I‘ve been taking a look at putting together a quantizer for custom tunings in Audulus – there’s been a little activity on that front in the forum. I have in mind something that builds on the small ratio modules that I was using to tune a sequencer in a previous post. Something very flexible that can be changed on the fly with the possibility of additional ‘hand-tuned’ deviations from the basic ratios. A kind of hybrid between systematic and empirical tuning.

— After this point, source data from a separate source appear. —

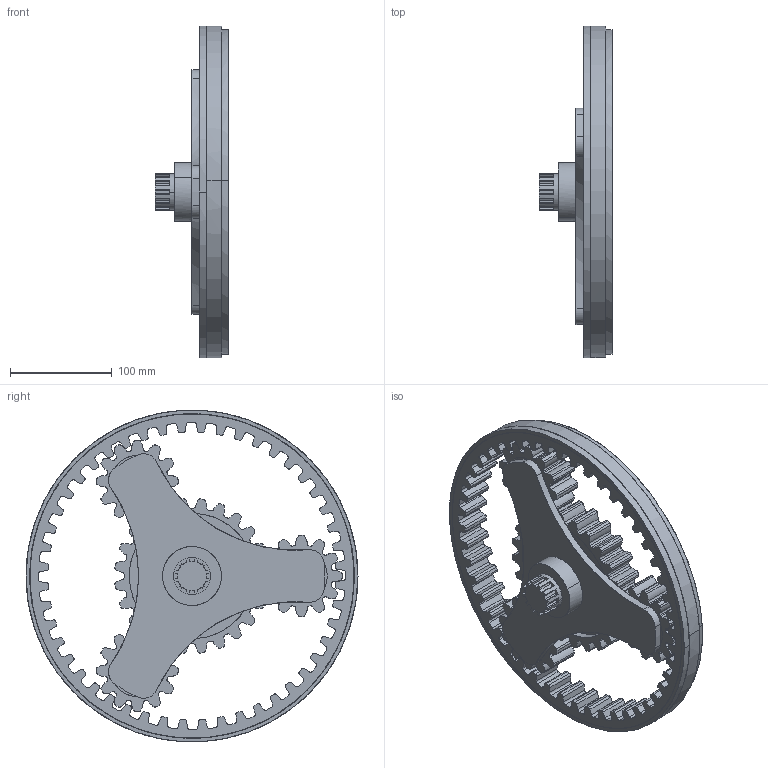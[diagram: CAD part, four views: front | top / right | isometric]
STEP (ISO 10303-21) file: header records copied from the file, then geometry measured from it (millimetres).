
FILE_DESCRIPTION(('FreeCAD Model'),'2;1');
FILE_NAME('Open CASCADE Shape Model','2025-05-04T10:46:51',('FreeCAD'),( 'FreeCAD'),'Open CASCADE STEP processor 7.6','FreeCAD','Unknown');
FILE_SCHEMA(('AUTOMOTIVE_DESIGN { 1 0 10303 214 1 1 1 1 }'));
Products named in the file (1): Open CASCADE STEP translator 7.6 1
Bounding box: 72.67 x 327.01 x 327.01 mm (x, y, z)
Surface area: 335195.4 mm2 (no closed solid volume)
Topology: 0 solids, 1048 shells, 1048 faces, 6060 edges, 6060 vertices
Faces by surface type: bspline 1048
Entity records: 54686 total; most frequent: CARTESIAN_POINT 28929, ORIENTED_EDGE 6060, EDGE_CURVE 6060, VERTEX_POINT 6060, B_SPLINE_CURVE_WITH_KNOTS 2164, FACE_BOUND 1084, EDGE_LOOP 1084, SHELL_BASED_SURFACE_MODEL 1048
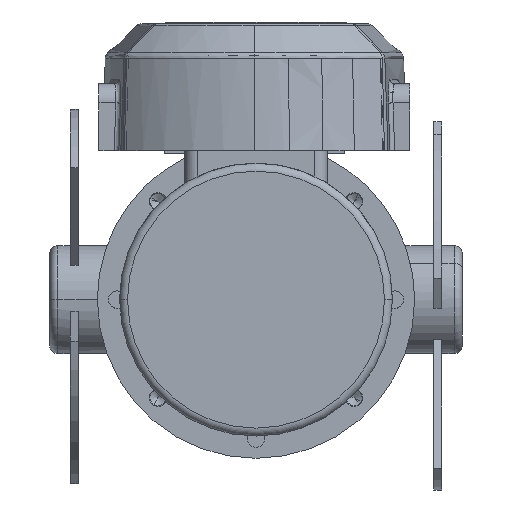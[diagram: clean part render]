
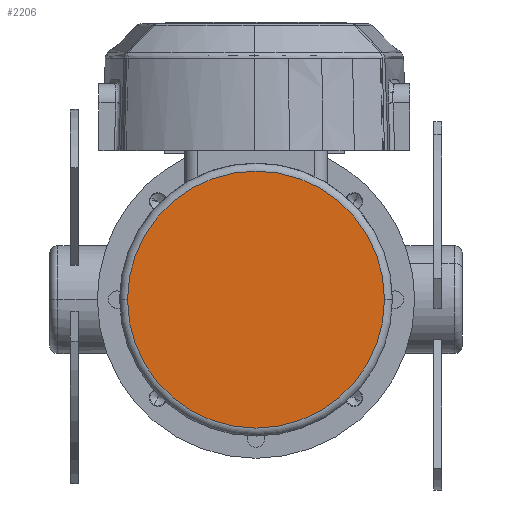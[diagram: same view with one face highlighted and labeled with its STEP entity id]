
A CAD part, front view. The second image highlights one B-rep face of the part: STEP entity #2206.
In plain terms, the highlighted planar face has unit normal (0, -1, 0).
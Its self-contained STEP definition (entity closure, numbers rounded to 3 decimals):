
#2183=CARTESIAN_POINT('Axis2P3D Location',(148.5,-195.,-160.188)) ;
#2188=CARTESIAN_POINT('Axis2P3D Location',(148.5,-195.,-160.188)) ;
#2192=CARTESIAN_POINT('Vertex',(67.5,-195.,-160.188)) ;
#2194=CARTESIAN_POINT('Vertex',(229.5,-195.,-160.188)) ;
#2197=CARTESIAN_POINT('Axis2P3D Location',(148.5,-195.,-160.188)) ;
#2184=DIRECTION('Axis2P3D Direction',(0.,1.,0.)) ;
#2185=DIRECTION('Axis2P3D XDirection',(-1.,0.,0.)) ;
#2189=DIRECTION('Axis2P3D Direction',(0.,1.,0.)) ;
#2198=DIRECTION('Axis2P3D Direction',(0.,1.,0.)) ;
#2186=AXIS2_PLACEMENT_3D('Plane Axis2P3D',#2183,#2184,#2185) ;
#2190=AXIS2_PLACEMENT_3D('Circle Axis2P3D',#2188,#2189,$) ;
#2199=AXIS2_PLACEMENT_3D('Circle Axis2P3D',#2197,#2198,$) ;
#2203=ORIENTED_EDGE('',*,*,#2196,.T.) ;
#2204=ORIENTED_EDGE('',*,*,#2201,.T.) ;
#2206=ADVANCED_FACE('Part1.1\\PartBody',(#2205),#2187,.F.) ;
#2191=CIRCLE('generated circle',#2190,81.) ;
#2200=CIRCLE('generated circle',#2199,81.) ;
#2196=EDGE_CURVE('',#2193,#2195,#2191,.F.) ;
#2201=EDGE_CURVE('',#2195,#2193,#2200,.F.) ;
#2202=EDGE_LOOP('',(#2203,#2204)) ;
#2205=FACE_OUTER_BOUND('',#2202,.T.) ;
#2187=PLANE('',#2186) ;
#2193=VERTEX_POINT('',#2192) ;
#2195=VERTEX_POINT('',#2194) ;

Since it’s taking me a little time to figure it all out here’s a little experiment with changing the tuning on the ARP ODYSSEi from Equal to Analog while running a simple sequence. The deviations are subtle but nevertheless quite noticeable (often a little flat in relation to equal temperament) – at some point it could be interesting to measure them precisely and put together a little list that could be used in other contexts.1

Here’s the unadorned sequence – two cycles in equal temperament followed by two with the analogue tuning:

And a longer jam trying out the analogue tuning at different transpositions as well as playing with the length of the sequence.

1. See, again the Richard D. James interview with Tatsuja Takahashi.

# Modular Diary – 020

I was watching a video of Lars Lundehave Hansen’s Lunar Eclipse and got to thinking of mechanical sequencers (to take a step even further back than the analogue ones). I seem to remember seeing a post about someone constructing an electro-mechanical sequencer with control voltages so that it could be used in a modular set-up. I unfortunately haven’t been able to find my way back to that post, but remember it as being based on a circular switch similar to the one found on the 1959 Wurlitzer Side Man. It also go me thinking of the Polyphons that inspired the sound-sculpture that Ida Raselli presented in a recent Frankenstein’s Lab. Finnish sound artist Martin Bircher used a similiar Symphonion as the basis for a hand-cranked MIDI sequencer.

In a way it’s surprising that circular forms aren’t more common in sequencer design. There’s the Buchla 250e (that Benge used in his tour of sequencing modular systems) or iOS apps like Patterning or dot Melody. I can’t think of much else.